Any picture in the entries is to be skipped, while everything else is transcribed word for word.

▸ Provided data:
____
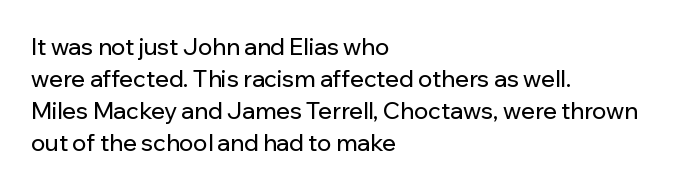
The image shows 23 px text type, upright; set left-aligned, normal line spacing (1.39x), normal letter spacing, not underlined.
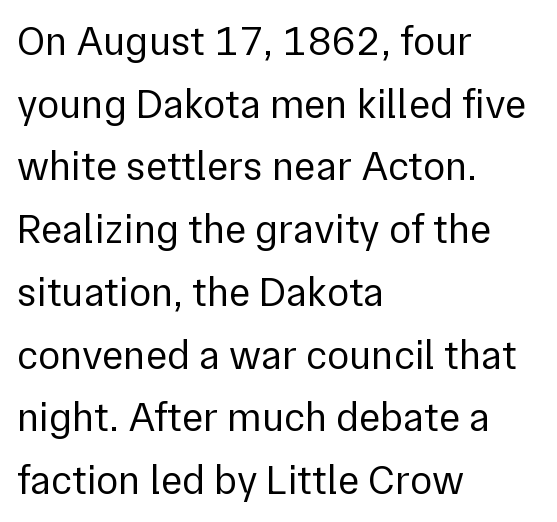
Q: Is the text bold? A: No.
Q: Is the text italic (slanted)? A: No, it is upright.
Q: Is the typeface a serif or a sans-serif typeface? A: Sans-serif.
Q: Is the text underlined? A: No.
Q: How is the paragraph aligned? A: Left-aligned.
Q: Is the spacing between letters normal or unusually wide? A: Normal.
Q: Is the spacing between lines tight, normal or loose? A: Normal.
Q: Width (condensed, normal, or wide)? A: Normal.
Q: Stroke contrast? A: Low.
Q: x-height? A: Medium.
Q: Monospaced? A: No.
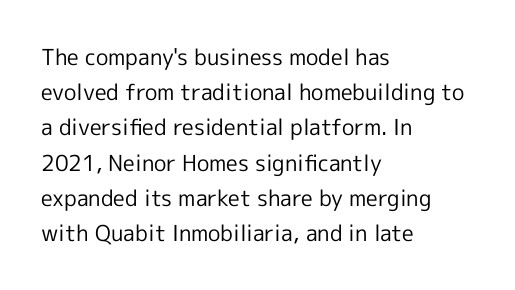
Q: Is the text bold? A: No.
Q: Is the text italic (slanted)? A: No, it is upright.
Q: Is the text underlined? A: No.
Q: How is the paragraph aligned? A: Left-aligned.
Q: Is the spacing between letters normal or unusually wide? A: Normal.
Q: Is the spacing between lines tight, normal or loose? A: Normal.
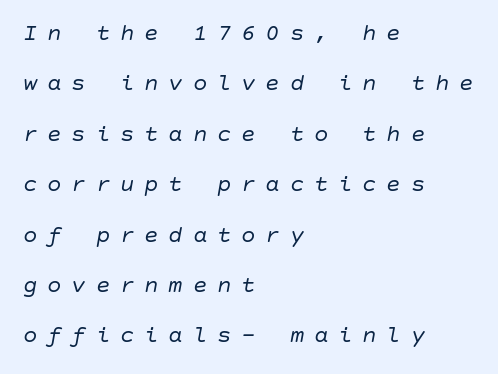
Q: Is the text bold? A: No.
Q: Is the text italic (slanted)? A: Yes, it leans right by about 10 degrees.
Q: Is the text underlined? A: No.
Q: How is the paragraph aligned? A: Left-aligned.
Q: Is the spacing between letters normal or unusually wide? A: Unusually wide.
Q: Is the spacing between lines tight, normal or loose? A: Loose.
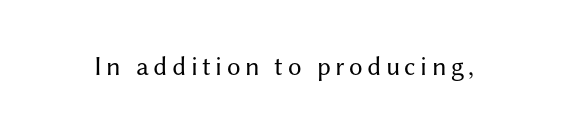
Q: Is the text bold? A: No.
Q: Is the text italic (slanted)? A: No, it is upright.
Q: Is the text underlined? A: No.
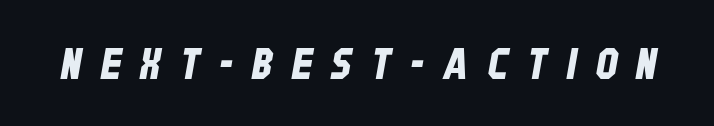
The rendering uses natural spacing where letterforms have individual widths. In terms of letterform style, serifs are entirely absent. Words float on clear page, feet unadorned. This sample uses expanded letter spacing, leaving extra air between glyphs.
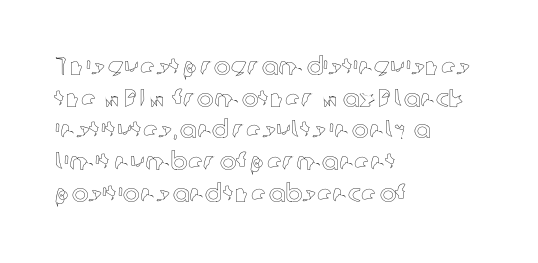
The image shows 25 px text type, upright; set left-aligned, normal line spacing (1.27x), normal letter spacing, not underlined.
____
▸ Exercise response:
The image shows 23 px text type, upright; set left-aligned, normal line spacing (1.39x), normal letter spacing, not underlined.
Q: Is the text bold? A: No.
Q: Is the text italic (slanted)? A: No, it is upright.
Q: Is the typeface a serif or a sans-serif typeface? A: Sans-serif.
Q: Is the text underlined? A: No.
Q: How is the paragraph aligned? A: Left-aligned.
Q: Is the spacing between letters normal or unusually wide? A: Normal.
Q: Is the spacing between lines tight, normal or loose? A: Normal.
Q: Width (condensed, normal, or wide)? A: Normal.
Q: Stroke contrast? A: Low.
Q: x-height? A: Medium.
Q: Monospaced? A: No.
Q: Is the text bold? A: No.
Q: Is the text italic (slanted)? A: No, it is upright.
Q: Is the text underlined? A: No.
Q: How is the paragraph aligned? A: Left-aligned.
Q: Is the spacing between letters normal or unusually wide? A: Normal.
Q: Is the spacing between lines tight, normal or loose? A: Normal.
Q: Is the text bold? A: No.
Q: Is the text italic (slanted)? A: Yes, it leans right by about 10 degrees.
Q: Is the text underlined? A: No.
Q: How is the paragraph aligned? A: Left-aligned.
Q: Is the spacing between letters normal or unusually wide? A: Unusually wide.
Q: Is the spacing between lines tight, normal or loose? A: Loose.
Q: Is the text bold? A: No.
Q: Is the text italic (slanted)? A: No, it is upright.
Q: Is the text underlined? A: No.
The rendering uses natural spacing where letterforms have individual widths. In terms of letterform style, serifs are entirely absent. Words float on clear page, feet unadorned. This sample uses expanded letter spacing, leaving extra air between glyphs.
The image shows 25 px text type, upright; set left-aligned, normal line spacing (1.27x), normal letter spacing, not underlined.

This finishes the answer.